What makes it harder to determine at Y is that their crawling is more spotty and the way they rank pages is more spotty. Sometimes perfectly good sites with quality (and not excessive) backlinks still have trouble getting love from Y.
Sometimes perfectly good sites with quality (and not excessive) backlinks still have trouble getting love from Y.
It is exactly the reason for wich I posted.I'm just having ranking problems with a new started site regarding Yahoo/Altavista;I "naturally" optimized it and I provided only three good inbound links,from quality sites,but it seems to suffer very much to "take off" and I'm not able to explain why.
Do you think that is possible to decrease the "sandboxing" time in any way?

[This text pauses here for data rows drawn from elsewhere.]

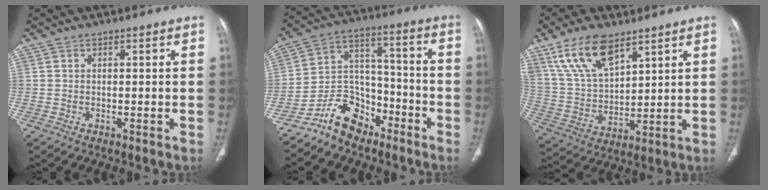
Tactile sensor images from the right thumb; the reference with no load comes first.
{"total": 10.6, "force": [-8.0, 6.1, 3.3], "torque": [-0.039, 0.087, -0.156]}
{"total": 14.7, "force": [9.3, 6.8, 9.1], "torque": [-0.156, -0.033, 0.193]}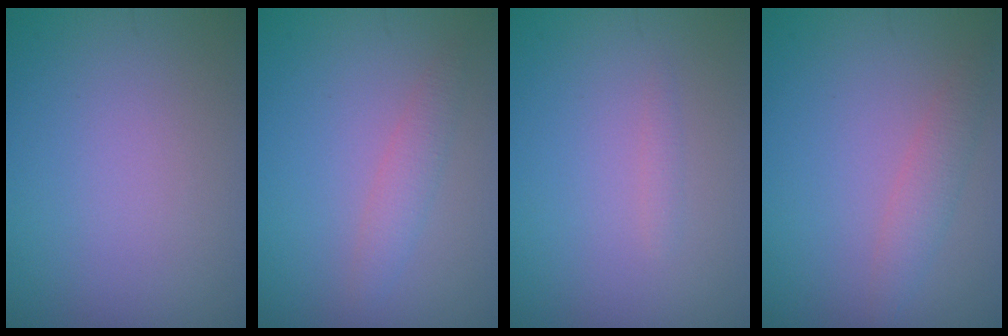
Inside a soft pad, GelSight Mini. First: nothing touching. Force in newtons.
{"total": 1.9, "press": 1.9, "slide": 0.1}
{"total": 0.7, "press": 0.7, "slide": 0.0}
{"total": 2.0, "press": 2.0, "slide": 0.1}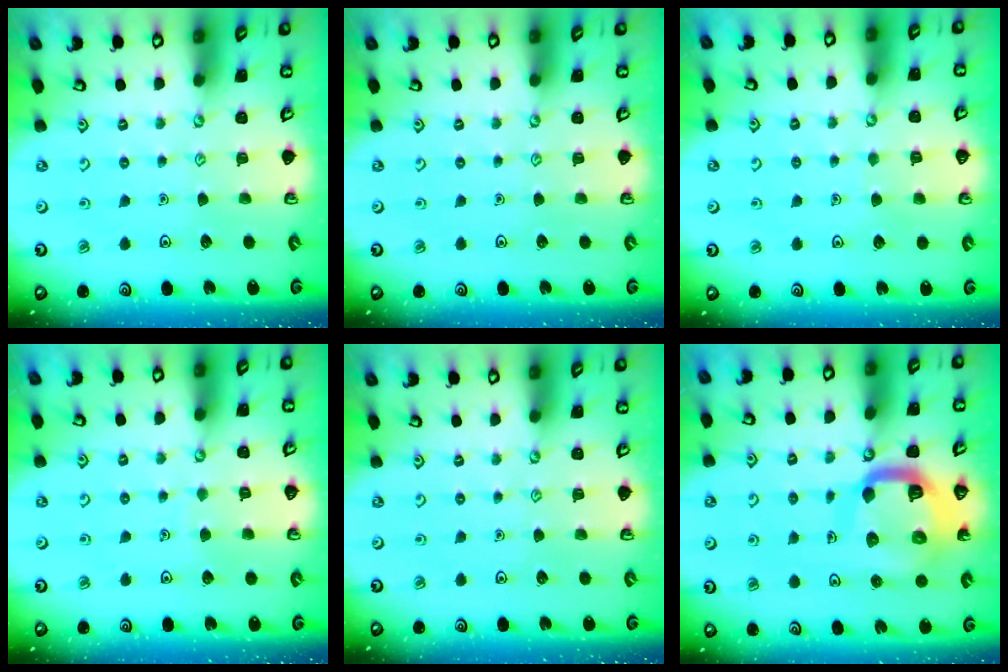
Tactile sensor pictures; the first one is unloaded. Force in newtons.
{"total": 0.0}
{"total": 3.3, "press": 3.2, "slide": 0.3}
{"total": 2.8, "press": 2.8, "slide": 0.1}
{"total": 0.0}
{"total": 13.6, "press": 13.5, "slide": 1.6}

Increasingly, the SE's are getting good at spotting sites that are "SEO'd" and dampening the standing of those sites in the SERP's, one way or another.
OTOH, when you think about building a great site, and getting valuable, targeted traffic (rather than gaming the SE's), you tend to focus your energy in areas that:
- actually grow your business,
- insulate your site from the ebbs and flows of changing SERP's,
- increase the likelihood of developing linking patterns that the SE's are inclined to smile upon.